You Could Say Life in Haiti Stinks!

28th October

On Tuesday Sr. Rose got a call from the director of one of the schools to say he had just brought one of the cooks in his school into the hospital as she had been sick that morning. She was suffering from vomiting and diarrhoea.

Sr. Rose immediately headed for the hospital here in Jean Rabel as she felt the woman’s condition must be fairly serious if she needed to be hospitalised, because for most people, the hospital is the last port of call, when ill.

Hospital in Jean Rabel

Local Hospital in Jean Rabel

The reasons for this are many and range from the high cost of treatment for everyone regardless of means or lack of means and you won’t be treated without paying up front for whatever medication is prescribed.

On top of that, this woman needed to supply her own sheets and pillow as well as any food she would consume while in the hospital.

She arrived in a hurry to the hospital and therefore had none of these things with her. Sr. Rose came to her rescue though, with money and the promise of a pillow and sheets.

When Sr.
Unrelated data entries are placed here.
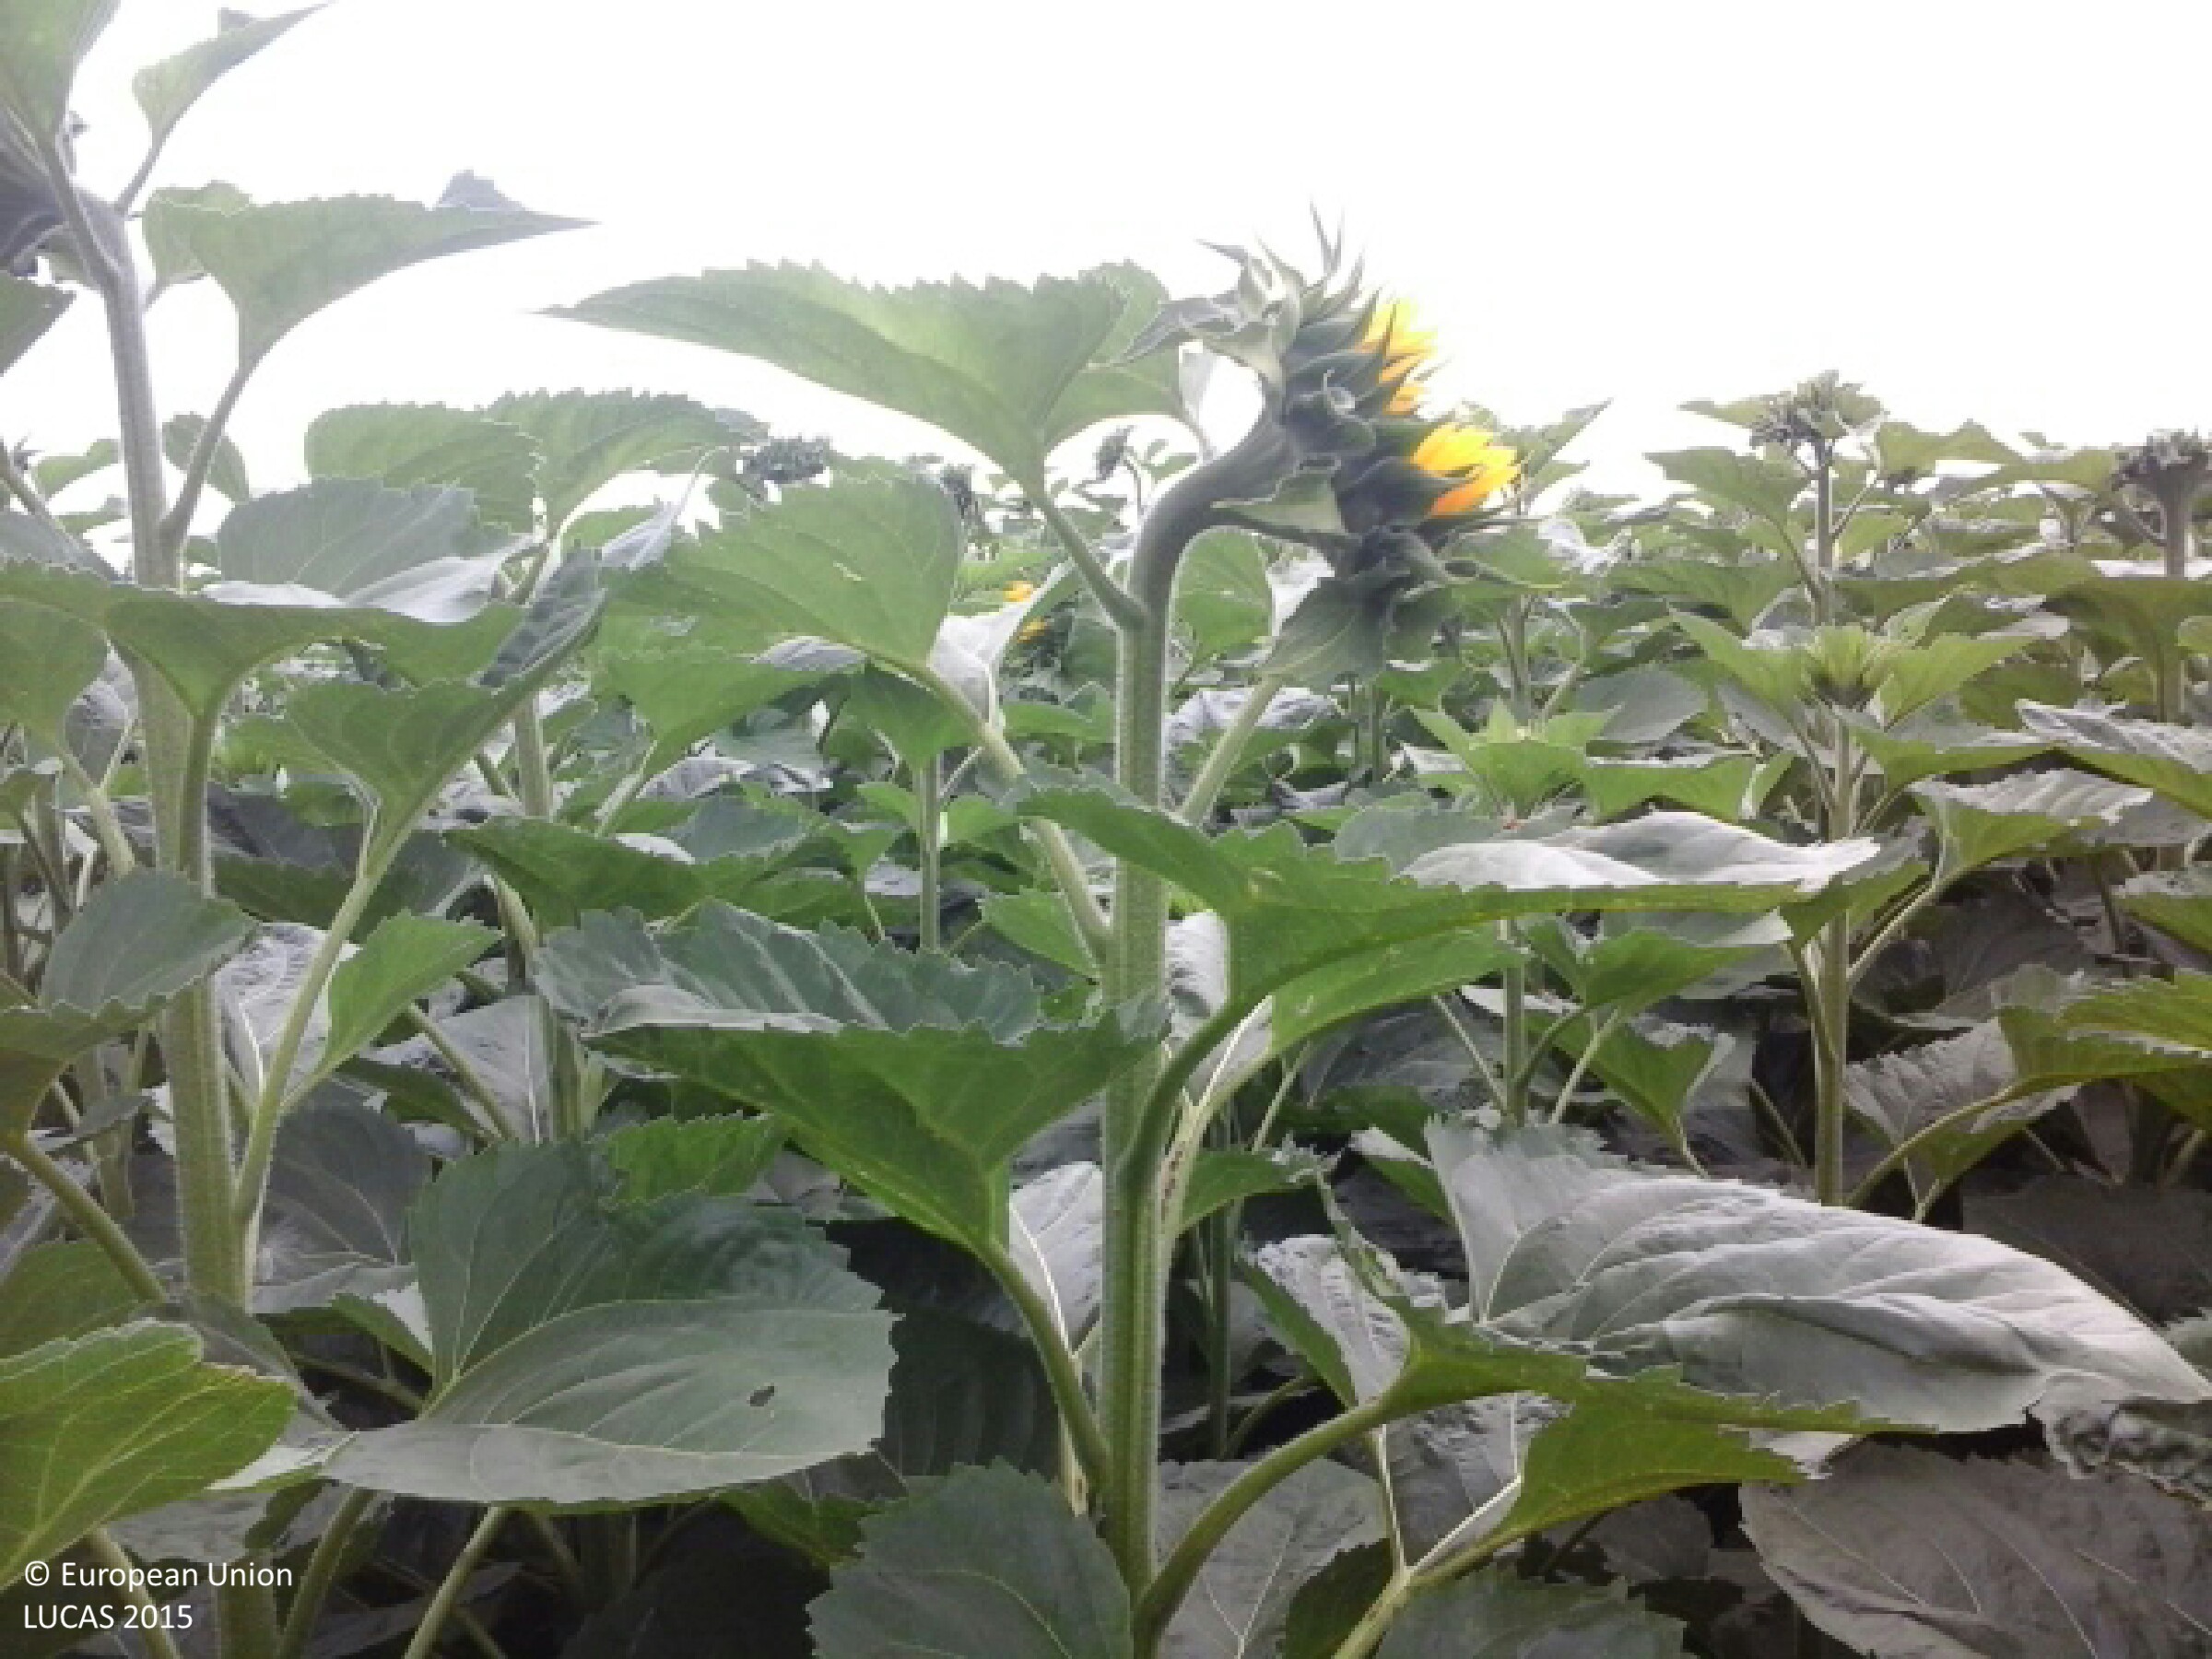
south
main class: Cropland
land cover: Sunflower
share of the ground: > 75 %
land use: Agriculture (excluding fallow land and kitchen gardens)
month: June
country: HU
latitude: 47.7779
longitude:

Rose came home she told us all this had to be put in place once the woman presented at the hospital despite the fact that the staff had made no diagnosis as to what was ailing the woman as they would not do any tests until the following morning.

No wonder sick people avoid the hospital if at all possible, but in this case the kind and reliable director had decided to transport the woman the 45 minute drive into Jean Rabel’s hospital on the back of a motorbike, the most common form of transport in the area.

A bike is the most common form of transport in the area

A bike is the most common form of transport in the area

This journey is a tough one even for someone like me in the whole of their health, and on Tuesday we had not even been able to attempt to travel to school as we had had quite a lot of rain and the river we had to pass was deemed impassable that morning.

In the afternoon though this woman had to endure the rocky, muddy hills and dales and the wide mouth of the river just before it enters the sea, on the back of a motorbike, when her feet, most likely, dangled well into the water as they waded through the river on the motorbike and then tolerate the bike sliding and skating through the muck and the dirt on the other side as it made its way into the nearby village before heading up the steep, unstable, windy, rock road that takes you to Jean Rabel.

When I’m in the car being driven this route, I have to hold on to all handles and supports available as we rattle and shake our way this way and that around corners and bends throughout the long journey. How this woman persevered throughout the same journey as a bike passenger is simply beyond me!

Thank God though she wasn’t quite as bad as Sr. Rose had expected. She was put on a drip to be rehydrated and the following day her test results showed she was suffering from Typhoid and had a stomach ulcer.

But at least she appears to be on the mend now despite her ordeal earlier on. Life in Haiti is never easy but when sick or injured it can be much like hell on earth!